**Task material:**
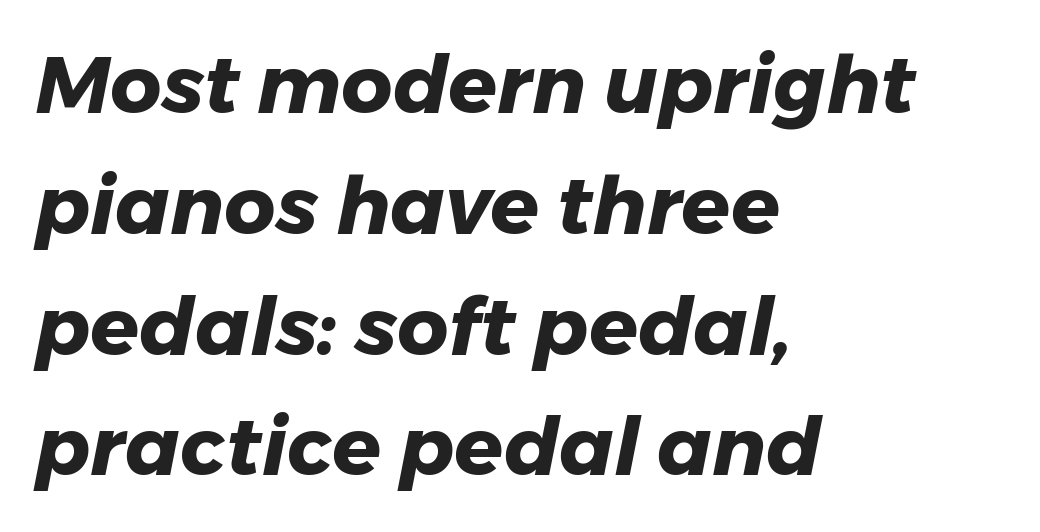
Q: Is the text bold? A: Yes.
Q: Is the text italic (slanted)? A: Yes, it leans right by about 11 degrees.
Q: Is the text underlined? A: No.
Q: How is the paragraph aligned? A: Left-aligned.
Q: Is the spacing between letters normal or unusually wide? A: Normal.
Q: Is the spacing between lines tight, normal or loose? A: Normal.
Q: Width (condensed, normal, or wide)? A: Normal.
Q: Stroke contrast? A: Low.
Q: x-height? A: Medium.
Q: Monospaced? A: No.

**Exercise details:** The lines above must be transcribed exactly, with every picture left out.

**Finished exercise:**
Q: Is the text bold? A: Yes.
Q: Is the text italic (slanted)? A: Yes, it leans right by about 11 degrees.
Q: Is the text underlined? A: No.
Q: How is the paragraph aligned? A: Left-aligned.
Q: Is the spacing between letters normal or unusually wide? A: Normal.
Q: Is the spacing between lines tight, normal or loose? A: Normal.
Q: Width (condensed, normal, or wide)? A: Normal.
Q: Stroke contrast? A: Low.
Q: x-height? A: Medium.
Q: Monospaced? A: No.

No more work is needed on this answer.